The Varlabs subdirectory (which can be easily accessed by just clicking on its name from the Uexplore directory page) provides a series of codebook text files, which just happen to double as SAS source code used to provide variable labels to all the cell variables we'll be storing on our SAS data sets in this collection. We also have created a series of metadata data sets which will be of much importance to us, but not to you (unless you want to do your own software-generation thing). We have not yet written our SAS code to actually read the 47 csv files and generate the SAS data sets, but we have a model from last decade that we can use. We really cannot test any such code until we have some data. The Bureau has not seen fit to let us have access to any test files this decade, so we have to wait for the first "live" files, which we get embargoed access to next Tuesday. That is when the real fun begins for us.
We have not settled on a final strategy for how we shall be partitioning the data for a state into multiple SAS data sets. But here is the tentative plan. We create six data sets for each state:
a. Mopco: (Replace “Mo” with whatever state or “us”): Only the pco data tables are saved here. These tables will not be on any other data set. (pco is a new table-type for 2010: Person data tables available only at county level and "above").
b.
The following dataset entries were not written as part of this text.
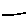
Label: line
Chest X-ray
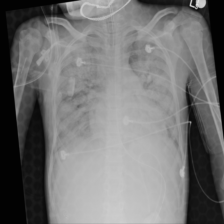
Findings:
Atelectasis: negative
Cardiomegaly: positive
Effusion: negative
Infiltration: positive
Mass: negative
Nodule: negative
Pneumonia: negative
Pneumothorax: negative
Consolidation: negative
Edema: negative
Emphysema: negative
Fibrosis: negative
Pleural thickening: negative
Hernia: negative
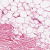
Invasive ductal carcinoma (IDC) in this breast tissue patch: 0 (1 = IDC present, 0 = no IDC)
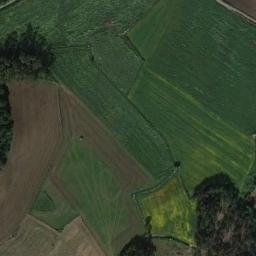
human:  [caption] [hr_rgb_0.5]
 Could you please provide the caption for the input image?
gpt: Many green plants are on the terrace .

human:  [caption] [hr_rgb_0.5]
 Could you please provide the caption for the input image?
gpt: There are no crops on the terraces in the picture .

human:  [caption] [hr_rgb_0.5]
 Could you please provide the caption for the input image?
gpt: Many irregularly shaped brown and green mixed farm fields .

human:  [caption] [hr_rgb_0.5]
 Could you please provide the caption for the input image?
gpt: The bare and green terrace is next to some trees .

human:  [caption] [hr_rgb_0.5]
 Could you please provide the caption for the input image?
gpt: There are some green terraces arranged neatly .
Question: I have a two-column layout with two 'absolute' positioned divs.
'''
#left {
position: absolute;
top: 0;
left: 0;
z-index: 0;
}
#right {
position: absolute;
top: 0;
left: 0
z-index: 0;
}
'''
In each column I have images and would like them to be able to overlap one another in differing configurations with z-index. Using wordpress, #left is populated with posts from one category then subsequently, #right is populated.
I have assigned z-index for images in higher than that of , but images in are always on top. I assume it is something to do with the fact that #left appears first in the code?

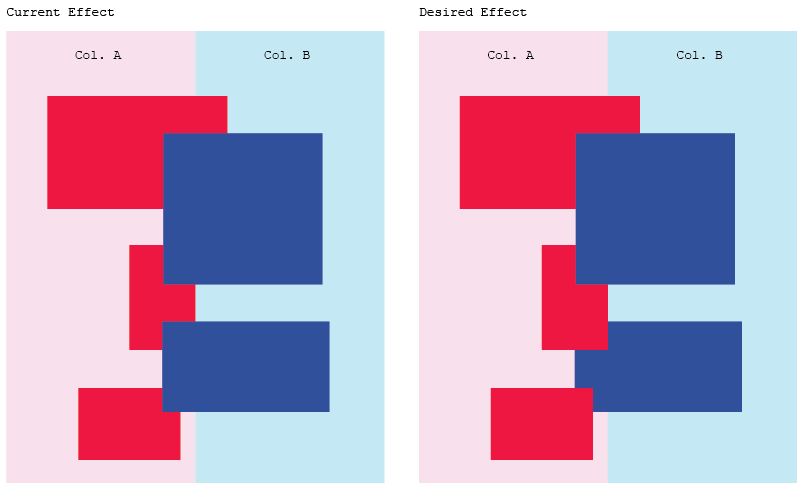
Answer: if it's an option for the divs to be 'position:relative' then something like this could work
<URL>
HTML:
'''
<div id="left">
<img id="l1" src="http://placehold.it/300x200/f00" />
<img id="l2" src="http://placehold.it/80x150/f00" />
<img id="l3" src="http://placehold.it/150x100/f00" />
</div>
<div id="right">
<img id="r1" src="http://placehold.it/250/00f" />
<img id="r2" src="http://placehold.it/250x150/00f" />
</div>
'''
CSS:
'''
#left {position: relative;width:50%;}
#right {position: relative;margin-left:50%;width:50%;}
div img {position: absolute;}
#l1 {top: 50px;right: -50px;z-index:10}
#l2 {top: 300px;right: -10px;z-index:30}
#l3 {top: 500px;right: 20px;z-index:50}
#r1 {top:100px;left:-20px;z-index:20}
#r2 {top:400px;left:-30px;z-index:40}
'''
if not I'd have to go with @SnakeFaust's answer
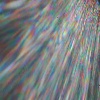
Label: sunburn
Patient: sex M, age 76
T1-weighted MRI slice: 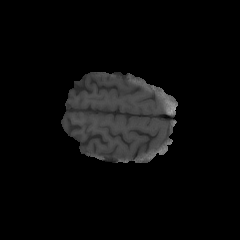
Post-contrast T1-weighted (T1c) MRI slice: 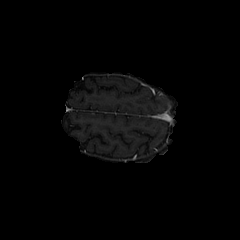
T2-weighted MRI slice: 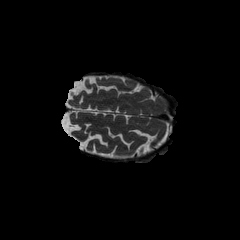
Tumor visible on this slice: no
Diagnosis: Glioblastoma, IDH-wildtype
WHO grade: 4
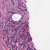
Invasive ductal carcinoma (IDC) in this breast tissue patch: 1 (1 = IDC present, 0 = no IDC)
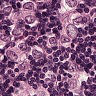
Metastatic tissue present: yes
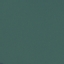
Land use / land cover: SeaLake
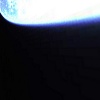
Label: space
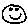
Label: smiley face
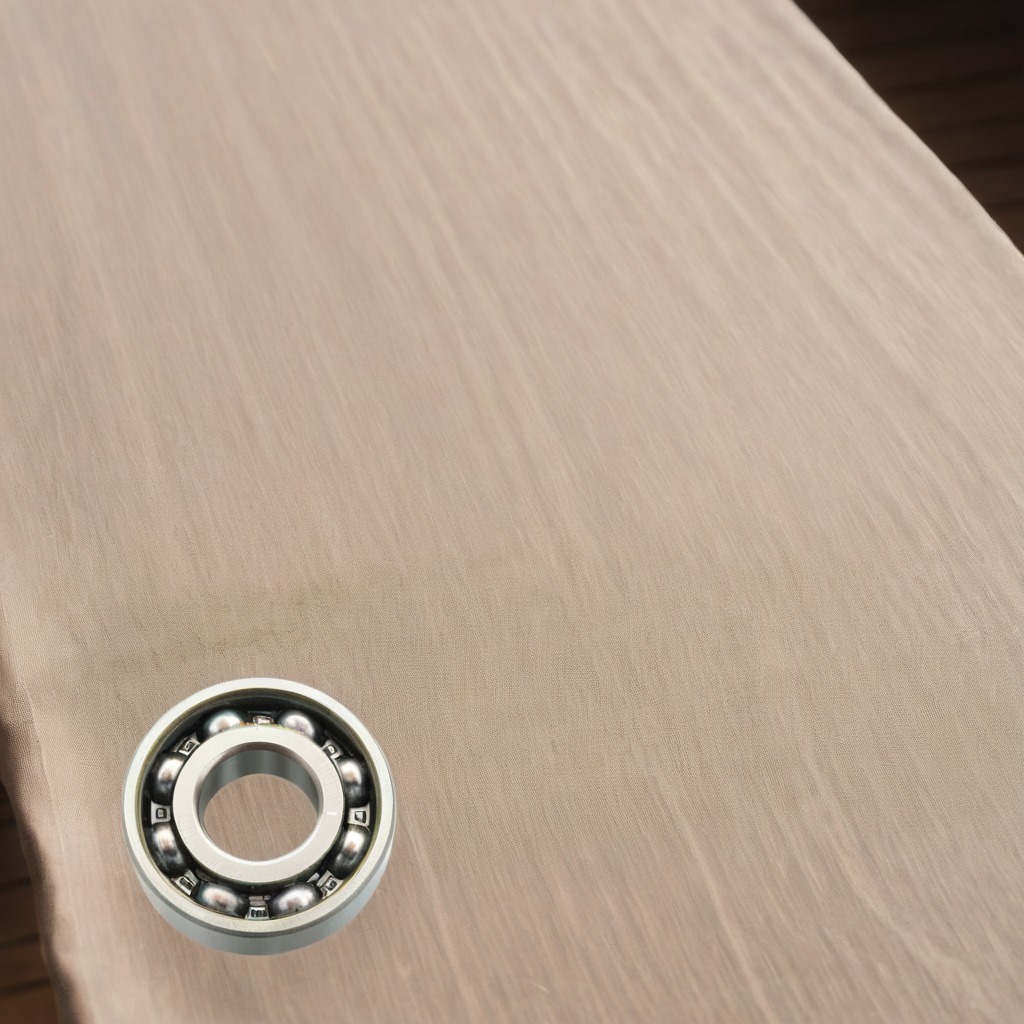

Moblocks: Block level data. Only the P and H tables saved.
c. Mobgs: Block group level data. Only the P and H tables.
d. MoInventory: Inventory summary levels for census tract and above. Has P, H, PCT and HCT tables excluding those with an alpha suffix.
e. MoHierarchal: Hierarchal summary levels (070, 080, etc) for tract and above. Same as previous.
f. MoRtables: The tables with alpha suffixes for all geographic levels. Kept separate because of the size.
We welcome comments and suggestions for alternate strategies.